## Live Well helper functions
Functions developed to specifically assist processing of Live Well Dorset wellbeing service data ready for further analysis

In [None]:
# Load relevant libraries 
import pandas as pd
import numpy as np
import math

### 1. Generate categorical values from client (demographic) data set
This function extrapolates categorical values for use during stratification and analysis. Results are returned as additional fields in the supplied pandas data frame. 
* Gender (binary numeric) 
* Month of year
* Age groups (10 year bins)
* Binary numeric GP referal source 


In [None]:
def prepare_clients(df):
    # Numericise the gender field for arithmetic corrlations
    df['gender_numeric'] = np.nan
    df['gender_numeric'][df.Gender == 'Male'] = 0
    df['gender_numeric'][df.Gender == 'Female'] = 1

    # Bin dates by month
    df['YearMonth'] = df.Date_registered_Month_Year.map(lambda x: x.strftime('%Y-%m'))
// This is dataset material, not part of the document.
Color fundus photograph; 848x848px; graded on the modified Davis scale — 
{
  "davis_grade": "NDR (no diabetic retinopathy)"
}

    # Bin ages by 10 year divisions
    groups = ['0-9', '10-19', '20-29', '30-39', '40-49', '50-59', '60-69', '70-79', '80-89', '90+']
    df['age_group'] = pd.cut(df.Age, range(0, 101, 10), right=False, labels=groups)

    # Mark GP referals by practice staff and those with "Doctor" in the referal source identifier that are not hospital related
    ref_filter = ['GP','Doctor','Doctor, Community Group','Doctor, Doctors','Practice Nurse','Health Care Assistant, Doctors','Midwife, Doctors','Nurse, Doctors','Practice Nurse, Doctors']
    df['gp_referral'] = 0
    df['gp_referral'].loc[df['ReferralSource'].isin(ref_filter) | df['how_a'].isin(ref_filter) | df['how_a'].isin(ref_filter) | df['referral_combined'].isin(ref_filter)] = 1
    df['gp_referral'].sum()

    # Mark GP referals by practice staff and those with "Doctor" in the referal source identifier that are not hospital related
    ref_filter = ['Doctor','Doctor, Community Group','Doctor, Doctors','Practice Nurse','Health Care Assistant, Doctors','Midwife, Doctors','Nurse, Doctors','Practice Nurse, Doctors']
    df['gp_referral'] = 0
    df['gp_referral'].loc[df['how_a'].isin(ref_filter) | df['referral_combined'].isin(ref_filter)] = 1

    # Dataframe of unkown referal sources
    #ref_filter = ['Not asked','Other']
    #unkown_refs = df.loc[df['how_a'].isin(ref_filter) & df['referral_combined'].isin(ref_filter)]

    return df

### 2. Output a list if all referral types
This function returns a list of the unqiue referral sources found within the data set

In [None]:
def referral_types(df, fields=['how_a','referral_combined']):
    return pd.unique(df[fields].values.ravel('K'))

### 3. Count the number of unique referal types
This function includes the number of records found for each of the unique referral source classificaitons

In [20]:
def get_unique_referal_types(df):
    return pd.unique(df[['ReferralSource','how_a','referral_combined']].values.ravel('K'))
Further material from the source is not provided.